[Dataset records]
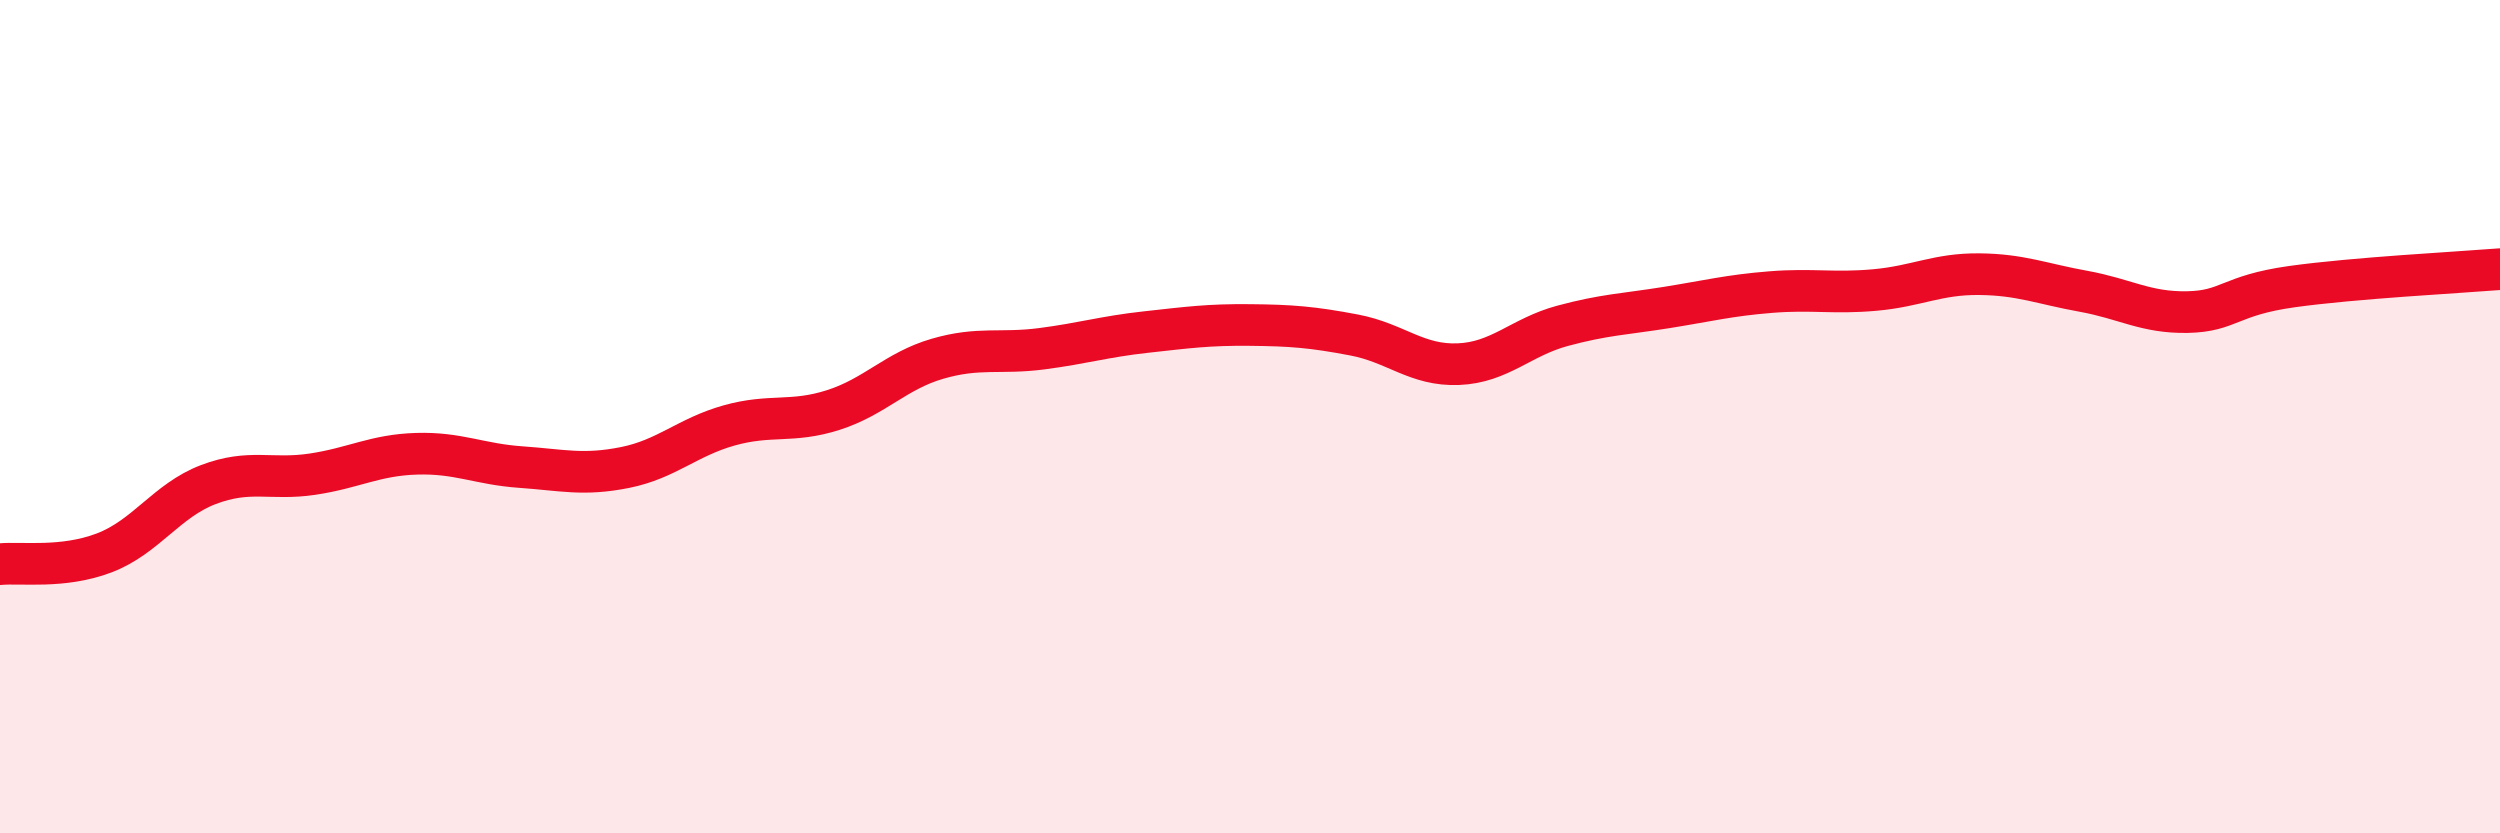 
    <svg width="60" height="20" viewBox="0 0 60 20" xmlns="http://www.w3.org/2000/svg">
      <path
        d="M 0,13.54 C 0.5,13.49 1.5,13.65 2.5,13.27 C 3.5,12.89 4,12.01 5,11.63 C 6,11.25 6.5,11.53 7.5,11.38 C 8.5,11.23 9,10.92 10,10.89 C 11,10.86 11.5,11.14 12.5,11.21 C 13.5,11.28 14,11.42 15,11.22 C 16,11.02 16.5,10.49 17.5,10.21 C 18.5,9.93 19,10.16 20,9.84 C 21,9.52 21.5,8.9 22.5,8.61 C 23.5,8.32 24,8.5 25,8.37 C 26,8.24 26.5,8.08 27.5,7.97 C 28.5,7.86 29,7.79 30,7.8 C 31,7.81 31.5,7.85 32.5,8.04 C 33.5,8.23 34,8.78 35,8.74 C 36,8.7 36.5,8.09 37.5,7.82 C 38.5,7.55 39,7.54 40,7.38 C 41,7.22 41.5,7.09 42.5,7.01 C 43.5,6.93 44,7.05 45,6.96 C 46,6.87 46.5,6.57 47.5,6.58 C 48.5,6.59 49,6.81 50,6.99 C 51,7.17 51.5,7.51 52.5,7.49 C 53.5,7.47 53.5,7.09 55,6.88 C 56.5,6.67 59,6.54 60,6.46L60 20L0 20Z"
        fill="#EB0A25"
        opacity="0.1"
        stroke-linecap="round"
        stroke-linejoin="round"
      />
      <path
        d="M 0,13.54 C 0.5,13.49 1.5,13.65 2.5,13.27 C 3.5,12.89 4,12.01 5,11.63 C 6,11.25 6.5,11.53 7.5,11.38 C 8.5,11.23 9,10.92 10,10.89 C 11,10.86 11.5,11.14 12.5,11.21 C 13.5,11.28 14,11.42 15,11.22 C 16,11.02 16.5,10.49 17.5,10.21 C 18.5,9.93 19,10.16 20,9.84 C 21,9.52 21.5,8.9 22.5,8.61 C 23.5,8.32 24,8.5 25,8.37 C 26,8.24 26.5,8.08 27.5,7.97 C 28.5,7.86 29,7.79 30,7.8 C 31,7.81 31.5,7.85 32.5,8.04 C 33.5,8.23 34,8.78 35,8.74 C 36,8.7 36.5,8.09 37.5,7.82 C 38.5,7.55 39,7.54 40,7.38 C 41,7.22 41.5,7.09 42.5,7.01 C 43.5,6.93 44,7.05 45,6.96 C 46,6.87 46.5,6.57 47.5,6.58 C 48.5,6.59 49,6.81 50,6.99 C 51,7.17 51.5,7.51 52.5,7.49 C 53.5,7.47 53.5,7.09 55,6.88 C 56.5,6.67 59,6.54 60,6.46"
        stroke="#EB0A25"
        stroke-width="1"
        fill="none"
        stroke-linecap="round"
        stroke-linejoin="round"
      />
    </svg>

## Your goal
For each entry, copy the text exactly and leave out any image it carries.

## Your solution
    <svg width="60" height="20" viewBox="0 0 60 20" xmlns="http://www.w3.org/2000/svg">
      <path
        d="M 0,13.54 C 0.5,13.49 1.5,13.65 2.5,13.27 C 3.5,12.89 4,12.01 5,11.63 C 6,11.25 6.5,11.53 7.5,11.38 C 8.5,11.23 9,10.92 10,10.89 C 11,10.86 11.5,11.14 12.5,11.21 C 13.5,11.28 14,11.42 15,11.22 C 16,11.02 16.5,10.49 17.5,10.21 C 18.5,9.93 19,10.16 20,9.84 C 21,9.52 21.5,8.9 22.5,8.61 C 23.5,8.32 24,8.5 25,8.37 C 26,8.24 26.5,8.08 27.5,7.97 C 28.5,7.86 29,7.79 30,7.8 C 31,7.81 31.5,7.85 32.5,8.04 C 33.5,8.23 34,8.78 35,8.74 C 36,8.7 36.5,8.09 37.5,7.82 C 38.5,7.55 39,7.54 40,7.38 C 41,7.22 41.5,7.09 42.5,7.01 C 43.5,6.93 44,7.05 45,6.96 C 46,6.87 46.5,6.57 47.5,6.58 C 48.5,6.59 49,6.81 50,6.99 C 51,7.17 51.5,7.51 52.5,7.49 C 53.5,7.47 53.5,7.09 55,6.88 C 56.5,6.67 59,6.54 60,6.46L60 20L0 20Z"
        fill="#EB0A25"
        opacity="0.1"
        stroke-linecap="round"
        stroke-linejoin="round"
      />
      <path
        d="M 0,13.54 C 0.5,13.49 1.5,13.65 2.5,13.27 C 3.5,12.89 4,12.01 5,11.63 C 6,11.25 6.5,11.53 7.5,11.38 C 8.5,11.23 9,10.92 10,10.89 C 11,10.86 11.5,11.14 12.5,11.21 C 13.5,11.28 14,11.42 15,11.22 C 16,11.02 16.5,10.49 17.5,10.21 C 18.5,9.93 19,10.16 20,9.84 C 21,9.52 21.5,8.9 22.5,8.61 C 23.5,8.32 24,8.5 25,8.37 C 26,8.24 26.5,8.08 27.5,7.97 C 28.5,7.86 29,7.79 30,7.8 C 31,7.81 31.5,7.85 32.5,8.04 C 33.5,8.23 34,8.78 35,8.74 C 36,8.7 36.5,8.09 37.5,7.82 C 38.5,7.55 39,7.54 40,7.38 C 41,7.22 41.5,7.09 42.5,7.01 C 43.5,6.93 44,7.05 45,6.96 C 46,6.87 46.5,6.57 47.5,6.58 C 48.5,6.59 49,6.81 50,6.99 C 51,7.17 51.5,7.51 52.5,7.49 C 53.5,7.47 53.5,7.09 55,6.88 C 56.5,6.67 59,6.54 60,6.46"
        stroke="#EB0A25"
        stroke-width="1"
        fill="none"
        stroke-linecap="round"
        stroke-linejoin="round"
      />
    </svg>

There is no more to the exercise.